What is required - An exact repetition of the data below, without images, is the expected answer.

Extracted data entries
━━━━━━━━━━

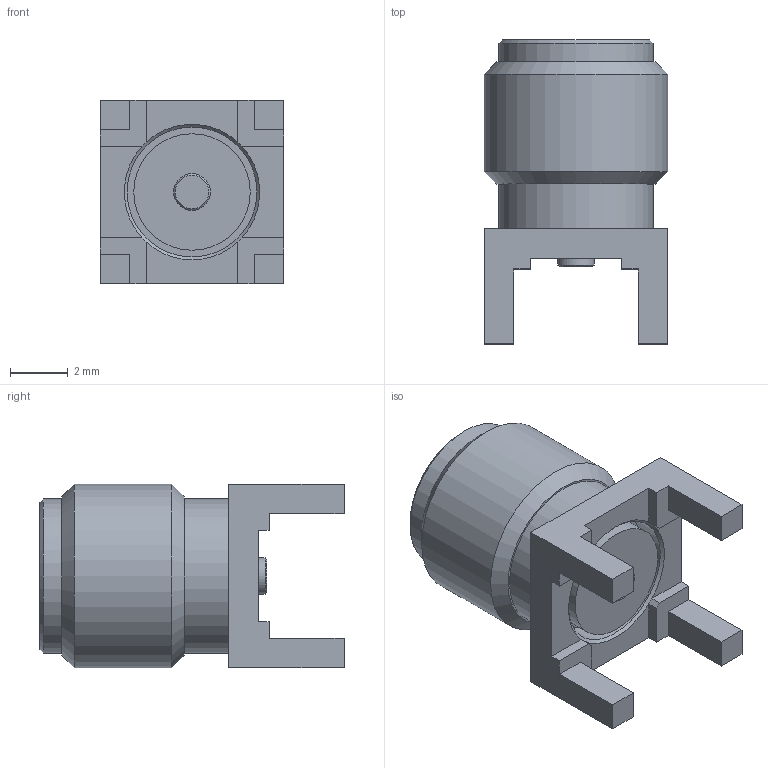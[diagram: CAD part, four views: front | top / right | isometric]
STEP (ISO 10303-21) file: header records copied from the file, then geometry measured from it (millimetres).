
FILE_DESCRIPTION( ( 'STEP AP214' ), '1' );
FILE_NAME( 'SMA-J-P-H-ST-MT1.stp', '2021-08-26T21:43:03', ( 'License CC BY-ND 4.0' ), ( 'CADENAS' ), ' ', 'PARTsolutions', ' ' );
FILE_SCHEMA( ( 'AUTOMOTIVE_DESIGN { 1 0 10303 214 1 1 1 1 }' ) );
Length unit declared in the file: millimetre
Products named in the file (1): _SMA-J-P-H-ST-MT1
Bounding box: 6.35 x 10.55 x 6.35 mm (x, y, z)
Volume: 198.7 mm3; surface area: 378.2 mm2
Topology: 1 solids, 1 shells, 66 faces, 149 edges, 95 vertices
Faces by surface type: plane 44, cylinder 17, cone 5
Full cylindrical faces by diameter (mm): 1.27 x2, 4.039 x1, 4.1 x1, 4.5 x1, 4.63 x1, 5.35 x2, 6.35 x1
Entity records: 2296 total; most frequent: DIRECTION 310, CARTESIAN_POINT 295, ORIENTED_EDGE 268, EDGE_CURVE 134, AXIS2_PLACEMENT_3D 109, VERTEX_POINT 94, LINE 92, VECTOR 92

━━━━━━━━━━

Written answer -
[diagram: CAD part, four views: front | top / right | isometric]
STEP (ISO 10303-21) file: header records copied from the file, then geometry measured from it (millimetres).
FILE_DESCRIPTION( ( 'STEP AP214' ), '1' );
FILE_NAME( 'SMA-J-P-H-ST-MT1.stp', '2021-08-26T21:43:03', ( 'License CC BY-ND 4.0' ), ( 'CADENAS' ), ' ', 'PARTsolutions', ' ' );
FILE_SCHEMA( ( 'AUTOMOTIVE_DESIGN { 1 0 10303 214 1 1 1 1 }' ) );
Length unit declared in the file: millimetre
Products named in the file (1): _SMA-J-P-H-ST-MT1
Bounding box: 6.35 x 10.55 x 6.35 mm (x, y, z)
Volume: 198.7 mm3; surface area: 378.2 mm2
Topology: 1 solids, 1 shells, 66 faces, 149 edges, 95 vertices
Faces by surface type: plane 44, cylinder 17, cone 5
Full cylindrical faces by diameter (mm): 1.27 x2, 4.039 x1, 4.1 x1, 4.5 x1, 4.63 x1, 5.35 x2, 6.35 x1
Entity records: 2296 total; most frequent: DIRECTION 310, CARTESIAN_POINT 295, ORIENTED_EDGE 268, EDGE_CURVE 134, AXIS2_PLACEMENT_3D 109, VERTEX_POINT 94, LINE 92, VECTOR 92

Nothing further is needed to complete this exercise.